Last week, a group of six senators also sent a letter to colleagues requesting them to speak in favor of the stimulus checks. These six senators were Kirsten Gillibrand (D-N.Y.), Elizabeth Warren (D-Mass.), Jeff Merkley (R-Ore.), Sens. Bernie Sanders (I-Vt.), Ed Markey (D-Mass.), and Ron Wyden (D-Ore.).
Stimulus checks without unemployment benefits is "bad idea"
Trump's call for stimulus checks did get support from many, but some don't feel it is a good idea. Sen. Joe Manchin slammed the White House's push to include stimulus payments. Manchin said it's a "bad idea" to include stimulus payment and not supplemental federal unemployment benefits in the relief package.
Some economists give more preference to supplemental unemployment benefits than stimulus checks because the former are more targeted toward those most in need.

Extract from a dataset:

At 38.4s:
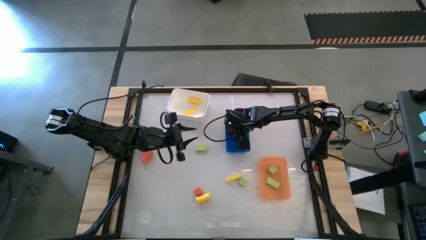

A $908 billion stimulus proposal introduced by a bipartisan group of lawmakers, including Manchin, included $300 weekly federal unemployment benefit for 16 weeks. The proposal, however, excluded another round of stimulus checks primarily to make the cost of the total package more appealing to Senate Republicans.
"I think that's much more reasonable, practical, and much-needed," Manchin said about the inclusion of federal unemployment benefits in the bipartisan plan.
In July, Senate Republicans came up with the $1 trillion stimulus bill, but since then, they have been in favor of a targeted relief package costing about $500 billion. On more than one occasion, Senate Republicans introduced $500 billion bills in the Senate for a vote, but Democrats blocked it each time.